Gemäss Art. 158 Ziff. 1 Abs. 1 StGB wird mit Freiheitsstrafe bis zu drei Jahren oder Geldstrafe bestraft, wer aufgrund des Gesetzes, eines behördlichen Auftra-
- 10 ges oder eines Rechtsgeschäfts damit betraut ist, Vermögen eines andern zu verwalten oder eine solche Vermögensverwaltung zu beaufsichtigen, und dabei unter Verletzung seiner Pflichten bewirkt oder zulässt, dass der andere am Vermögen geschädigt wird. Im Zusammenhang mit dem Tatbestand der ungetreuen Geschäftsbesorgung machte A._____ im Rahmen seiner Strafanzeige vom 7. April 2011 geltend, Dr. B._____ habe für das Vermögen von ihm, das in der D._____ AG gelagert sei, zu sorgen und dieses in seinem Interesse zu verwalten gehabt. Die vertragliche Pflicht von Dr. B._____ ergebe sich aus einem Vermögensverwaltungsvertrag, den er mit ihm abgeschlossen habe. Dieser Vermögensverwaltungsvertrag ergebe sich klarerweise aus den Umständen, indem die Kanzlei von Rechtsanwalt F._____ die Aktien der D._____ AG, die er zu je 50% für A._____ und C._____ gehalten habe, über Rechtsanwältin J._____ Dr. B._____ übergeben habe. Durch die Weitergabe der Aktien ohne seine Einwilligung habe Dr. B._____ seine vertraglichen Pflichten verletzt. Diese vertragliche Verletzung habe zu einer Schädigung an seinem Vermögen geführt (Urk. 9/2 S. 22 f.). Aufgrund der vorliegenden Akten kann nicht ohne Weiteres davon ausgegangen werden, dass Dr. B._____ für A._____ eine Geschäftsführerstellung inne hatte, denn erstens liegt kein schriftlicher Vermögensverwaltungsvertrag zwischen Dr. B._____ und A._____ vor und zweitens kann allein aus dem Umstand, dass die Kanzlei von Rechtsanwalt F._____ die Aktien der D._____ AG über Rechtsanwältin J._____ Dr.
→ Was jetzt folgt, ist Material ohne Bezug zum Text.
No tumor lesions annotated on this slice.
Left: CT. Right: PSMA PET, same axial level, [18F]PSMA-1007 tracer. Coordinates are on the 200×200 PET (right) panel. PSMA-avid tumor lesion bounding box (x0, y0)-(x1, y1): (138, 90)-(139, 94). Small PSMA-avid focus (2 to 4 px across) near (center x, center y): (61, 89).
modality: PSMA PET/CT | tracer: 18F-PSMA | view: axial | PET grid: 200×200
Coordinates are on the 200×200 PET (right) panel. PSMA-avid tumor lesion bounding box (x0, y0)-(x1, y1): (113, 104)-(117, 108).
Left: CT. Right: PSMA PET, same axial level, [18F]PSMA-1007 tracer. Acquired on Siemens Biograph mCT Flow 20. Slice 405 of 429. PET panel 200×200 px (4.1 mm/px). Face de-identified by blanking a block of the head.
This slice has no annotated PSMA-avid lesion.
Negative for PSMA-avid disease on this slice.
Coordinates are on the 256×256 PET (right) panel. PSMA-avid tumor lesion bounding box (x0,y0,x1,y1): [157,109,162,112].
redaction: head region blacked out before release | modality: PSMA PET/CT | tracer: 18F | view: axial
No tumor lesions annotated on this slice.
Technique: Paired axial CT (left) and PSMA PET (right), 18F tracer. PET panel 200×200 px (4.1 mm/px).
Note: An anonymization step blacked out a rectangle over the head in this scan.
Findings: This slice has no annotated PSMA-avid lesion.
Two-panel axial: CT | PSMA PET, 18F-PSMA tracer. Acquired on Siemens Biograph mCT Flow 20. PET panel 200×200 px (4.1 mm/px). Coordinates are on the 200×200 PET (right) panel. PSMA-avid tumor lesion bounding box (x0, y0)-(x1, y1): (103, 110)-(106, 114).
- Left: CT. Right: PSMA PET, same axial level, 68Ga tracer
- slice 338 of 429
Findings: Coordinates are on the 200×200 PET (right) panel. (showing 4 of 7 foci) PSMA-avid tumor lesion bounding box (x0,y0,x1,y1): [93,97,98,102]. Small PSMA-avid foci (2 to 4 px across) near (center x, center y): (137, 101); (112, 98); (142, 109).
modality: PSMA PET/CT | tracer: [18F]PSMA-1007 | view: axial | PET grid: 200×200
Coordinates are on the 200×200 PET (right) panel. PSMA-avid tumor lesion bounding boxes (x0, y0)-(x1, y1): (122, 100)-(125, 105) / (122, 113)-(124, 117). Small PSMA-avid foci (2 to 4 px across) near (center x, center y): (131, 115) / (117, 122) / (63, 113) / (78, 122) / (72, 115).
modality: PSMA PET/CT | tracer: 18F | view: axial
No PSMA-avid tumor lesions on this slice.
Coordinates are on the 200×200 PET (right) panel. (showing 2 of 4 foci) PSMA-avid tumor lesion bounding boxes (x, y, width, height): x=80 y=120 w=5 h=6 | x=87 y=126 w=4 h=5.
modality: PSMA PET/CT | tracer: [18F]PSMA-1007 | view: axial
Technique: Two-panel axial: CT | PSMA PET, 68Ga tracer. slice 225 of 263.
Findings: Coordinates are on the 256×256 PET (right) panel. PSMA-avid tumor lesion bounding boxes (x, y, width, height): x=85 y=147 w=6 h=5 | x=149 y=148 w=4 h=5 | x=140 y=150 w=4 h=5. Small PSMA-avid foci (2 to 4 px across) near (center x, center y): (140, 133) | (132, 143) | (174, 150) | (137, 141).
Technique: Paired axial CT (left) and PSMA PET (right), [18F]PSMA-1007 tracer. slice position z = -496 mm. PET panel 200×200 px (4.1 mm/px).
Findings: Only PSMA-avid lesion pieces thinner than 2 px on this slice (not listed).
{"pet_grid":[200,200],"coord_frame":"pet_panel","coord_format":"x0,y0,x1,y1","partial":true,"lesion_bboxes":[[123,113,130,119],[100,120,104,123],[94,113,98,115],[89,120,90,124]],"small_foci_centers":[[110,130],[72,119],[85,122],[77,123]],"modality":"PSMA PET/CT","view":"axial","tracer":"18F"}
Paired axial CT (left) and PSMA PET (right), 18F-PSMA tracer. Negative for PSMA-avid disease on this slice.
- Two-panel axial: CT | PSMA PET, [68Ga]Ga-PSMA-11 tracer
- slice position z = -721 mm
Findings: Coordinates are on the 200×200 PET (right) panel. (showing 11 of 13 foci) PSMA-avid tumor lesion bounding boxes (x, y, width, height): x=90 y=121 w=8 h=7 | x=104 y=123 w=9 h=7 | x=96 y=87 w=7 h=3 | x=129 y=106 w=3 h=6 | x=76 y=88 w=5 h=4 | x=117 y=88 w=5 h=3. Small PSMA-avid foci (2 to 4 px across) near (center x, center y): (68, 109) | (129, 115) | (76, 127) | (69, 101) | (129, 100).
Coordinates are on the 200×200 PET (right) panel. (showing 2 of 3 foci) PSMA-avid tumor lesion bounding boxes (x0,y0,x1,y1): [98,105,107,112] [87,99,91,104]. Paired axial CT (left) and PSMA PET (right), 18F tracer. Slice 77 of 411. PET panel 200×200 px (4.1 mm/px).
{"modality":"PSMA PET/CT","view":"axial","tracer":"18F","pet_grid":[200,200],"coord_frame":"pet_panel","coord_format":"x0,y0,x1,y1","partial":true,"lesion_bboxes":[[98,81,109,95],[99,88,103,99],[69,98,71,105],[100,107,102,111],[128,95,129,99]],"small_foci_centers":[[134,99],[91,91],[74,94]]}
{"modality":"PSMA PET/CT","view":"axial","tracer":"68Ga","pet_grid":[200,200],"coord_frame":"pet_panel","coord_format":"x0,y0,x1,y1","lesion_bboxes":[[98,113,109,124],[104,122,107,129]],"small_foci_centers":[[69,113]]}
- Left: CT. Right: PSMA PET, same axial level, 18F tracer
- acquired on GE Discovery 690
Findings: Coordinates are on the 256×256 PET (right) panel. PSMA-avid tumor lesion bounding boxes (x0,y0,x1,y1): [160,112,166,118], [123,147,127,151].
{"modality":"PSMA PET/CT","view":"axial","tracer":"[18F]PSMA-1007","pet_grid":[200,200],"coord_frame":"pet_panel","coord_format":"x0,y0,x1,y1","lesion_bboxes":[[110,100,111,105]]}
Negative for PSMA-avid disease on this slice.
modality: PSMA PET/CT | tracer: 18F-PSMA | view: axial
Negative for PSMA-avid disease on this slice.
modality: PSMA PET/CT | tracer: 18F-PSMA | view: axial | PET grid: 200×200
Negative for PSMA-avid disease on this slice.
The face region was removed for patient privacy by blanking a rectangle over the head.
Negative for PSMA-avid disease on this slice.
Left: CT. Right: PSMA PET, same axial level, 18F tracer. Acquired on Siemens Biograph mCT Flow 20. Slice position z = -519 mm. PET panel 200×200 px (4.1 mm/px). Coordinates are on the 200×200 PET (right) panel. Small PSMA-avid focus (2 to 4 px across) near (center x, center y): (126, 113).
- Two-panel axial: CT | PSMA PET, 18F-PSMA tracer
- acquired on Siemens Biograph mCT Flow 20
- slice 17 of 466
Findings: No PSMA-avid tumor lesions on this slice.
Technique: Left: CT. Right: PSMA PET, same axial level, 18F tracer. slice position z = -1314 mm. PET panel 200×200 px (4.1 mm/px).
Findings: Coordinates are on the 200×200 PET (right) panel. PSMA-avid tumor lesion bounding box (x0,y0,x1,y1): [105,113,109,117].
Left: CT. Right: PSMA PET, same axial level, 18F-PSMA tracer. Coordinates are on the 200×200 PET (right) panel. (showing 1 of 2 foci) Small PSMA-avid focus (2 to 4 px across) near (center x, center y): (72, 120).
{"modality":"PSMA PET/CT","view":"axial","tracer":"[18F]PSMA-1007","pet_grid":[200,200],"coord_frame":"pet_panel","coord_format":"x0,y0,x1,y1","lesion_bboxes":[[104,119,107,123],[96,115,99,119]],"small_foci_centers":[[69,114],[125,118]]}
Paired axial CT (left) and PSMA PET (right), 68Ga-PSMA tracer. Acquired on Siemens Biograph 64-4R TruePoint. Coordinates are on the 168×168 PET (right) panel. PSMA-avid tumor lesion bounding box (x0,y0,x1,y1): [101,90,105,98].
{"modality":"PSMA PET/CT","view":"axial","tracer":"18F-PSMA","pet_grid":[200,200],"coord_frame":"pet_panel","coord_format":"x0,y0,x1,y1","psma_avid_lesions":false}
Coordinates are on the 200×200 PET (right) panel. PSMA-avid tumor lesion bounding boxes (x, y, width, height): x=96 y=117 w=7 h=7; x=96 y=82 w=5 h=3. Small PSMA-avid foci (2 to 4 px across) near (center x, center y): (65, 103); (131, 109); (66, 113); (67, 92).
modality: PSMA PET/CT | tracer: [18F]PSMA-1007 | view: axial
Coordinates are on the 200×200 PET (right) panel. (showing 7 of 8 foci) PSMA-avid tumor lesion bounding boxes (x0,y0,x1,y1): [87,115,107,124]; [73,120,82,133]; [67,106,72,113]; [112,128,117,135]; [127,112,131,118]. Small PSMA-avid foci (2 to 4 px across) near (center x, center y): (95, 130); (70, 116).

B._____ übergab, nicht zwingend auf einen Vermögensverwaltungsvertrag zwischen Dr. B._____ und A._____ geschlossen werden. Die Staatsanwaltschaft III des Kantons Zürich hob in der Begründung ihrer Nichtanhandnahmeverfügung vom 20. April 2012 im Zusammenhang mit dem Tatbestandsmerkmal des Vermögensschadens hervor, A._____ habe sich am 16. Mai 2008 mit C._____ zwecks Besprechung der Angelegenheit getroffen, wobei als Ergebnis die Feststellung resultiert habe, die Parteien seien auseinandergesetzt. Diese offenbar schriftlich festgehaltene Feststellung sei von A._____ unterzeichnet worden, der im vorliegenden Verfahren geltend mache, damals unter Druck gesetzt worden zu sein und bis jetzt keine Kopie des Dokumentes erhalten zu ha-
- 11 ben. Er lege allerdings nicht dar, durch welche Druckmittel er in seiner Entscheidungsfreiheit bedrängt worden sei; in seiner Anzeige führe er dazu lediglich aus, an der Besprechung habe eine Person "mit Beziehungen zu kriminellen Strukturen in … und weiteren Staaten" teilgenommen. Dafür räume er ein, C._____ sei einer seiner Verpflichtungen aus diesem Dokument (nämlich der Zahlung von USD 714'000) nachgekommen. Im Rahmen seiner Beschwerde liess A._____ diesbezüglich geltend machen, die Staatsanwaltschaft III des Kantons Zürich nehme aktenwidrig an, er habe unterzeichnet, dass die Parteien auseinandergesetzt seien. Die Vereinbarung, an die er sich erinnern könne, sehe dies jedoch gerade nicht vor. Selbst wenn das betreffende Schriftstück (Urk. 9/42) echt wäre, so betreffe es die D._____ AG nicht. Darin sei nur vom Unternehmen "I._____" die Rede, das beiden zu 50% gehören solle. Wenn die Staatsanwaltschaft davon ausgehe, die Angelegenheit sei durch diese Vereinbarung erledigt, so habe sie eine aktenwidrige Annahme getroffen. Im Folgenden ist zu prüfen, ob die Staatsanwaltschaft tatsächlich aktenwidrig angenommen hat, A._____ habe eine Vereinbarung unterzeichnet, gemäss welcher er mit C._____ vollständig auseinandergesetzt sei. Ziffer 1 der handschriftlichen und ins Deutsche übersetzten Vereinbarung vom 16. Mai 2008 lautet (Urk. 9/42 S. 1): "Die Parteien haben vereinbart: 1. [Sie] haben keine finanziellen, vermögensrechtlichen oder andere Ansprüche gegeneinander für die Zeitspanne der Zusammenarbeit (ab 1994)." Darüber hinaus wird im zweitletzten Abschnitt der Vereinbarung Folgendes festgehalten (Urk. 9/42 S. 3): "Nach Unterzeichnung dieses Protokolls werden keine Ansprüche der Parteien zueinander mehr akzeptiert (finanzielle, vermögensrechtliche oder andere)."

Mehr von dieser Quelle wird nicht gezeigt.